A causa disto é óbvia. O corpo sofre em duplo, porque o espírito vai mazorro, achumbado e sem migalha de distracção que o deslumbre do seu suplício.
É uma virtude das que Monthion não podia prever nem premiar esta de escrever um livro para os frequentadores do carroção. Hei-lo aí vai. Vou, deste mundo, contente: sei que deixo um padrão imorredouro da minha filantropia.
Se o livro carregar de mais essências narcóticas o sono do leitor, tanto maior serviço lhe fiz. O carroção é um dilema: DORMIR OU MORRER."
Também os havia pequenos, em forma de coche, para 4 pessoas, e esses tinham, como o da gravura, as portinholas de lado. Eram, por via de regra, assim os particulares, isto é, os que havia nas casas de mais tratamento da cidade, ou nas terras principais da província.
“Traquitanas para ir a banhos à Foz...
Vasculhando um velho jornal do já longínquo ano de 1854, apareceu esta curiosa notícia, a qual transcrevo aqui pela "caricatura". A polícia deveria intervir para que na época dos banhos, na estrada da Foz, os trens mais rococós não transitassem assim livremente, dando aos estrangeiros uma fraca ideia do progresso em Portugal. Têm-se mesmo ultimamente construído veículos indecentes e extravagantes; - há dias vimos um destes carros, que não era mais que o fundo de um carroção e cuja forma lembrava o barco Salva-vidas; há outro que parece uma tina, e o viandante ali metido parece que vai aproveitando o tempo tomando o seu banho.

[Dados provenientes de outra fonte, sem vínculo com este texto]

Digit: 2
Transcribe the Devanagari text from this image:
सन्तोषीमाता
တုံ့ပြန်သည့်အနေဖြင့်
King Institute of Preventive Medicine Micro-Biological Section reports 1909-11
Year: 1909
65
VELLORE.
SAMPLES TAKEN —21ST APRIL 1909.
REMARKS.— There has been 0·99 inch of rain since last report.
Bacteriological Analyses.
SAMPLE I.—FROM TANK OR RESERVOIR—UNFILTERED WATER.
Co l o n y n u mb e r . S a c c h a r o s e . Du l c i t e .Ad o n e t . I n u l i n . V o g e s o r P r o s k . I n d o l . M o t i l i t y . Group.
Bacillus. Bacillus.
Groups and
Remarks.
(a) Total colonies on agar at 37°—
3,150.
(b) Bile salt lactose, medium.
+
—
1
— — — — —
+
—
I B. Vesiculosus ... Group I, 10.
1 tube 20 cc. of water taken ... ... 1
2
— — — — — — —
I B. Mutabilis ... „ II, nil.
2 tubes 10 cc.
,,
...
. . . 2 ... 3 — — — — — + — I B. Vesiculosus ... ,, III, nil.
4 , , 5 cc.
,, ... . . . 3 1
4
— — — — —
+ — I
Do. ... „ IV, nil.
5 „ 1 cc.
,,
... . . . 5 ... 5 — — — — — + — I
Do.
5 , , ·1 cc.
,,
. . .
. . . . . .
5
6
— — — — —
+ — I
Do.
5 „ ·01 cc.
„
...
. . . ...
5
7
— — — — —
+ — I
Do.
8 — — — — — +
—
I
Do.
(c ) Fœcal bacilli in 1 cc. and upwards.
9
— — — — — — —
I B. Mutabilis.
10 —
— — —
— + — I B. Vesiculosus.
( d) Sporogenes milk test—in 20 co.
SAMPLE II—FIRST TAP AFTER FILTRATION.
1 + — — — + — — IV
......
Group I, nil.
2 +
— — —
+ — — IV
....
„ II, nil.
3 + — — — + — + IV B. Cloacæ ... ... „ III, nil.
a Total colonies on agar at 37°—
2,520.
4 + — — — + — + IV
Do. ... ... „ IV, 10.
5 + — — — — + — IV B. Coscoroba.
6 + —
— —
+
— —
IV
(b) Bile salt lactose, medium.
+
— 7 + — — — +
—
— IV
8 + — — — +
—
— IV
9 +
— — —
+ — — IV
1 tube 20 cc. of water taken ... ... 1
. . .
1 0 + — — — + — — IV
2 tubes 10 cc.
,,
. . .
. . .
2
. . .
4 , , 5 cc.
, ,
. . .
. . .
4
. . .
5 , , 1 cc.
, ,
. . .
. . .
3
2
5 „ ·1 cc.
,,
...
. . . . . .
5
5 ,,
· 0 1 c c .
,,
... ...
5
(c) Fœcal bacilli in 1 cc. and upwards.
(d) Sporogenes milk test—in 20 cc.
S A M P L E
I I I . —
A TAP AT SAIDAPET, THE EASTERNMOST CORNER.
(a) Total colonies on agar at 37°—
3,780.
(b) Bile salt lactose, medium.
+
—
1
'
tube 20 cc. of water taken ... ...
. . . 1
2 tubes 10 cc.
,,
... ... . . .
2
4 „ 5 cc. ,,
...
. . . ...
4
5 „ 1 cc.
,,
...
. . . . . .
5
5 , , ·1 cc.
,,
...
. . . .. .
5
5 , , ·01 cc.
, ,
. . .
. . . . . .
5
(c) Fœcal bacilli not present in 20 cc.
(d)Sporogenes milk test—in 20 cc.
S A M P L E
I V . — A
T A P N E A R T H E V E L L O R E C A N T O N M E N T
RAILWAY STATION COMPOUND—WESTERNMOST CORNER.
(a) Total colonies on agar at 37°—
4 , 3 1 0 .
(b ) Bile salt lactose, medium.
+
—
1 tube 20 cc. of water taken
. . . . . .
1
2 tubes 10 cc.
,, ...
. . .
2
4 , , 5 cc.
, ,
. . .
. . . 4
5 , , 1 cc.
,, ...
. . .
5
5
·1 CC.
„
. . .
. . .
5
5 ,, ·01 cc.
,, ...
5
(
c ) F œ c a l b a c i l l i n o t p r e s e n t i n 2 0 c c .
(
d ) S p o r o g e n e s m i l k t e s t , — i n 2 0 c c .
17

Ainda se vêm por ai boleeiros de chapéu desabado e mal trajados, A polícia pode muito bem obrigar os donos das carruagens de praça a fazer uma reforma completa do material e no pessoal em harmonia com a decência e bom gosto que devem caracterizar uma cidade civilizada. - in O Commércio de 9 de Agosto de 1854
Ainda a propósito deste ”rápido e cómodo” transporte não podemos deixar de transcrever a passagem de um texto de Alberto Moreira em O Tripeiro, série V, Ano XI, sobre a viagem de Rodrigues de Freitas a Braga: “à meia-noite do dia 14 de Agosto de 1856, tomaram na Praça da Batalha o carroção que ligava o Porto à cidade dos arcebispos. A partida do moroso veículo, que conduzia 20 passageiros, foi assinalada do forte badalar de uma sineta e, iniciada a marcha, às duas horas da madrugada estavam em Leça (do Balio) e às cinco chegavam à Carriça (Muro, Trofa), já maçados por uma viagem de cinco horas, num carroção puxado por bois!... Duas horas depois, já a diligência continuava viagem, e Rodrigues de Freitas ia satisfeito, pois o almoço fora admirável e servido por uma mocetona linda e gentil… Nos seu lento rodar, e em constantes solavancos a diligência chegara a Famalicão pelo fim da tarde. Todos os passageiros se foram hospedar na estalagem “Real”, única existente na pitoresca paragem, descansaram algumas horas e, no começo da madrugada, retomaram a viagem… Naquele caminhar monótono chegaram a Braga ao toque das Avé Marias… Nesse tempo algumas pessoas que precisavam de se deslocar a Braga… quando não tinham possibilidades de arranjar um alazão, preferiam ao carroção a jornadear a pé – economizavam dinheiro e poupavam tempo.”